A very interesting parser. I'm trying to use it to parse log files that contain objects at the top level where the object structure being logged is different from line to line. The log file is not one valid JSON object, but rather a series of valid JSON objects. I have logic that parses one object byte slice at a time, and unmarshals to map[string]interface{}.

But I haven't found a jsonpath syntax for testing the root object for the property of having a particular key. I believe I've looked through all the unit tests to better understand the syntax and saw no examples where the root was an object and the test was for the existence of a key. But there also wasn't anything in the documentation (that I found) to explain why this shouldn't be possible.

I could get things working if I read the entire file into memory and created an array out of them ([]interface{}) or if I wrapped each object in a single entry array but now I'm curious whether this should even be possible given the description of a jsonpath.

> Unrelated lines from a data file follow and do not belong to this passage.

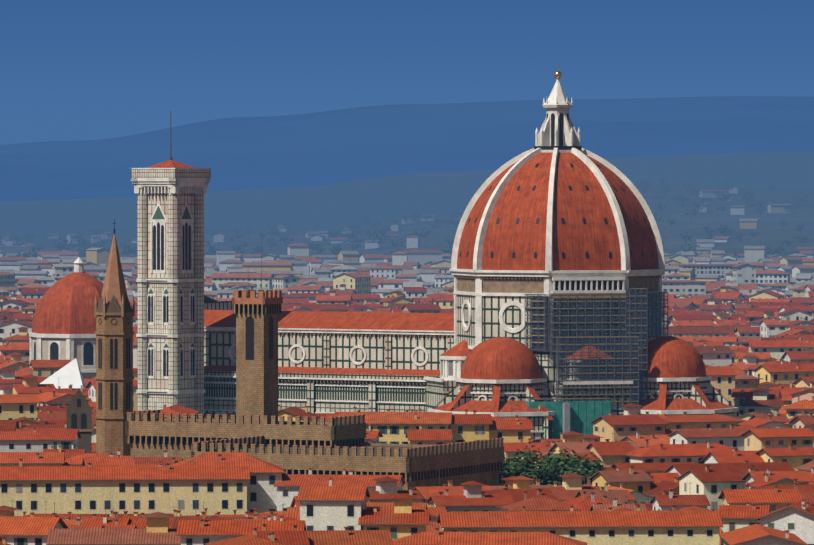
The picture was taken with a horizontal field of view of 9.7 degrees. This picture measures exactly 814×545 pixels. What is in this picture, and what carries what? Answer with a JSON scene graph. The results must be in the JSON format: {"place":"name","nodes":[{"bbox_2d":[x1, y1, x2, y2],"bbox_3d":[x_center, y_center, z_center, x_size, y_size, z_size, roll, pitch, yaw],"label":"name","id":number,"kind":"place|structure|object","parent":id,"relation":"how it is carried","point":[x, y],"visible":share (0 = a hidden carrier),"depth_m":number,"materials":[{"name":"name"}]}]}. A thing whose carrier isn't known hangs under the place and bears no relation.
{"place":"outdoors","nodes":[
{"label":"outdoors","id":0,"kind":"place"},
{"bbox_2d":[0,226,347,237],"bbox_3d":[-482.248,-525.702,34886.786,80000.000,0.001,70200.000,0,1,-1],"label":"ground","id":1,"kind":"structure","parent":0,"point":[16,231],"depth_m":9727.00,"materials":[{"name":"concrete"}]},
{"bbox_2d":[29,257,95,378],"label":"chapel drum","id":2,"kind":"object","parent":1,"relation":"on","point":[81,348],"depth_m":1599.10,"materials":[{"name":"white stone"}]},
{"bbox_2d":[32,272,103,333],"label":"dome roof","id":3,"kind":"structure","parent":2,"relation":"on","point":[65,305],"depth_m":1602.06,"materials":[{"name":"red tile"}]},
{"bbox_2d":[40,358,85,387],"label":"covered roof works","id":4,"kind":"structure","parent":1,"relation":"on","point":[67,375],"depth_m":1476.93,"materials":[{"name":"fabric"}]},
{"bbox_2d":[66,389,92,452],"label":"bell gable","id":5,"kind":"structure","parent":1,"relation":"on","point":[79,413],"depth_m":1143.73,"materials":[{"name":"stone"}]},
{"bbox_2d":[94,219,134,456],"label":"badia tower","id":6,"kind":"structure","parent":1,"relation":"on","point":[114,312],"depth_m":1110.52,"materials":[{"name":"stone"}]},
{"bbox_2d":[130,111,210,418],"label":"bell tower","id":7,"kind":"structure","parent":1,"relation":"on","point":[170,281],"depth_m":1360.66,"materials":[{"name":"stone"}]},
{"bbox_2d":[125,236,503,489],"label":"crenellated palace","id":8,"kind":"structure","parent":1,"relation":"on","point":[254,427],"depth_m":1074.39,"materials":[{"name":"stone"}]},
{"bbox_2d":[204,295,454,419],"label":"cathedral nave wall","id":9,"kind":"structure","parent":1,"relation":"on","point":[360,348],"depth_m":1357.19,"materials":[{"name":"stone"}]},
{"bbox_2d":[204,310,453,375],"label":"nave roofs","id":10,"kind":"structure","parent":9,"relation":"on","point":[359,320],"depth_m":1364.10,"materials":[{"name":"red tile"}]},
{"bbox_2d":[0,186,813,544],"bbox_3d":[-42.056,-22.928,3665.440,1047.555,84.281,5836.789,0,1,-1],"label":"house walls","id":11,"kind":"structure","parent":1,"relation":"on","point":[334,514],"depth_m":1175.92,"materials":[{"name":"paint"}]},
{"bbox_2d":[0,186,813,544],"bbox_3d":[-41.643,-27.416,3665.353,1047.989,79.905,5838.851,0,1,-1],"label":"city roofs","id":12,"kind":"structure","parent":11,"relation":"on","point":[132,528],"depth_m":1064.24,"materials":[{"name":"tile"}]},
{"bbox_2d":[0,266,813,544],"bbox_3d":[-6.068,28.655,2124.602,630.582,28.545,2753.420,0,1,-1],"label":"windows","id":13,"kind":"structure","parent":11,"relation":"in","point":[350,512],"depth_m":998.99,"materials":[{"name":"black glass"}]},
{"bbox_2d":[0,266,813,544],"bbox_3d":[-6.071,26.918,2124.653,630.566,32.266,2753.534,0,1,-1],"label":"houses","id":14,"kind":"structure","parent":1,"relation":"on","point":[394,530],"depth_m":1120.63,"materials":[{"name":"paint"}]},
{"bbox_2d":[424,355,466,411],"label":"duomo exedra","id":15,"kind":"object","parent":1,"relation":"on","point":[438,390],"visible":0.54,"depth_m":1327.66,"materials":[{"name":"stone"}]},
{"bbox_2d":[440,340,469,355],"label":"turret roof","id":16,"kind":"structure","parent":15,"relation":"on","point":[461,349],"depth_m":1329.17,"materials":[{"name":"tile"}]},
{"bbox_2d":[428,377,557,438],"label":"apse walls","id":17,"kind":"structure","parent":1,"relation":"on","point":[510,390],"depth_m":1300.95,"materials":[{"name":"stone"}]},
{"bbox_2d":[432,337,557,419],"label":"apse dome roof","id":18,"kind":"structure","parent":17,"relation":"on","point":[500,358],"depth_m":1302.05,"materials":[{"name":"tile"}]},
{"bbox_2d":[449,269,666,392],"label":"dome drum","id":19,"kind":"object","parent":1,"relation":"on","point":[489,304],"visible":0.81,"depth_m":1316.54,"materials":[{"name":"white stone"}]},
{"bbox_2d":[457,152,658,270],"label":"duomo dome webs","id":20,"kind":"object","parent":19,"relation":"on","point":[576,238],"visible":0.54,"depth_m":1320.28,"materials":[{"name":"red tile"}]},
{"bbox_2d":[451,148,664,270],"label":"dome ribs","id":21,"kind":"object","parent":20,"relation":"attached to","point":[523,158],"visible":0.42,"depth_m":1325.28,"materials":[{"name":"white stone"}]},
{"bbox_2d":[534,79,581,152],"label":"dome lantern","id":22,"kind":"object","parent":20,"relation":"on","point":[558,131],"visible":0.94,"depth_m":1336.41,"materials":[{"name":"white stone"}]},
{"bbox_2d":[554,66,561,78],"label":"golden ball","id":23,"kind":"object","parent":22,"relation":"on","point":[557,74],"visible":1,"depth_m":1338.20,"materials":[{"name":"gold metal"}]},
{"bbox_2d":[525,398,610,438],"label":"construction hoarding","id":24,"kind":"object","parent":1,"relation":"on","point":[574,416],"visible":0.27,"depth_m":1300.33,"materials":[{"name":"fabric"}]},
{"bbox_2d":[554,360,632,414],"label":"duomo exedra","id":25,"kind":"object","parent":1,"relation":"on","point":[619,411],"visible":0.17,"depth_m":1306.89,"materials":[{"name":"stone"}]},
{"bbox_2d":[565,341,612,357],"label":"small dome roof","id":26,"kind":"structure","parent":25,"relation":"on","point":[592,353],"depth_m":1310.42,"materials":[{"name":"tile"}]},
{"bbox_2d":[525,288,667,409],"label":"scaffolding","id":27,"kind":"object","parent":1,"relation":"on","point":[630,373],"visible":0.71,"depth_m":1311.58,"materials":[{"name":"metal"}]},
{"bbox_2d":[631,376,740,416],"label":"apse walls","id":28,"kind":"structure","parent":1,"relation":"on","point":[679,388],"depth_m":1313.86,"materials":[{"name":"stone"}]},
{"bbox_2d":[632,336,741,416],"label":"apse dome roof","id":29,"kind":"structure","parent":28,"relation":"on","point":[672,357],"depth_m":1314.47,"materials":[{"name":"tile"}]},
{"bbox_2d":[0,96,813,201],"bbox_3d":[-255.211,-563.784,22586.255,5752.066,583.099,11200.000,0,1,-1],"label":"mountain","id":30,"kind":"structure","parent":0,"point":[309,149],"depth_m":20225.64,"materials":[{"name":"blue"}]},
{"bbox_2d":[0,152,813,225],"bbox_3d":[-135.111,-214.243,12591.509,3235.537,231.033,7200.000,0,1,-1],"label":"hill","id":31,"kind":"structure","parent":0,"point":[383,198],"depth_m":10846.15,"materials":[{"name":"blue"}]},
{"bbox_2d":[0,181,813,261],"bbox_3d":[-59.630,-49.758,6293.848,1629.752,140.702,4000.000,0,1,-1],"label":"hill","id":32,"kind":"structure","parent":0,"point":[771,233],"depth_m":5545.57,"materials":[{"name":"blue"}]},
{"bbox_2d":[0,0,813,144],"label":"sky","id":33,"kind":"structure","parent":0,"point":[71,70],"materials":[{"name":"blue"}]}
]}

I've tried a number of things, most nonsensical anyway, but here are a few attempts with their corresponding errors.

package play_test

import (
    "encoding/json"
    "fmt"
    "strings"
    "testing"

    "github.com/PaesslerAG/jsonpath"
)

func TestPlay(t *testing.T) {
    for idx, c := range []struct{ expr, data, expect string }{
        {
            // This works. No surprise.
            expr:   `$.ip`,
            data:   `{"ip": "8.8.8.8", "action": "dns"}`,
            expect: `result: 8.8.8.8`,
        },
        {
            // This one doesn't. It is not legal to request a key that does not exist.
            expr:   `$.ip`,
            data:   `{"action": "dns"}`,
            expect: `error : unknown key ip`,
        },
        {
            // Same error.
            expr:   `($.ip)`,
            data:   `{"action": "dns"}`,
            expect: `error : unknown key ip`,
        },
        {
            // Other illegal syntax.
            expr: `?($.ip != "")`,
            data: `{"action": "dns"}`,
            expect: `error : parsing error: ?($.ip != "")   :1:1 - 1:2 unexpected "?" while scanning extensions`,
        },
        {
            // So how to test whether a key exists?
            // Here the syntax is legal but the result is an empty array.
            expr:   `$[?($.ip)]`,
            data:   `{"ip": "8.8.8.8, "action": "dns"}`,
            expect: `result: []`,
        },
        {
            // This doesn't parse correctly.
            expr: `("ip" in $)`,
            data: `{"ip": "8.8.8.8, "action": "dns"}`,
            expect: `error : parsing error: ("ip" in $) :1:7 - 1:9 unexpected Ident while scanning parentheses expected ")"`,
        },
        {
            // This doesn't parse correctly either.
            expr: `$[?("ip" in $)]`,
            data: `{"ip": "8.8.8.8, "action": "dns"}`,
            expect: `error : parsing error: $[?("ip" in $)] :1:10 - 1:12 unexpected Ident while scanning parentheses expected ")"`,
        },
    } {
        v := interface{}(nil)
        json.Unmarshal([]byte(c.data), &v)
        result, err := jsonpath.Get(c.expr, v)
        var buf strings.Builder
        if err == nil {
            fmt.Fprint(&buf, "result: ", result)
        } else {
            fmt.Fprint(&buf, "error : ", err)
        }
        got := buf.String()
        if c.expect != got {
            t.Errorf("idx %d failed comparison", idx)
            t.Log("expect:", c.expect)
            t.Log("got   :", got)
        }
    }

}
FrankReh commented 5 years ago

Sorry for the bother. Reading through things more, I learned how easy it is to add a function to the language. So I can use a function that tests for the key existence in an object.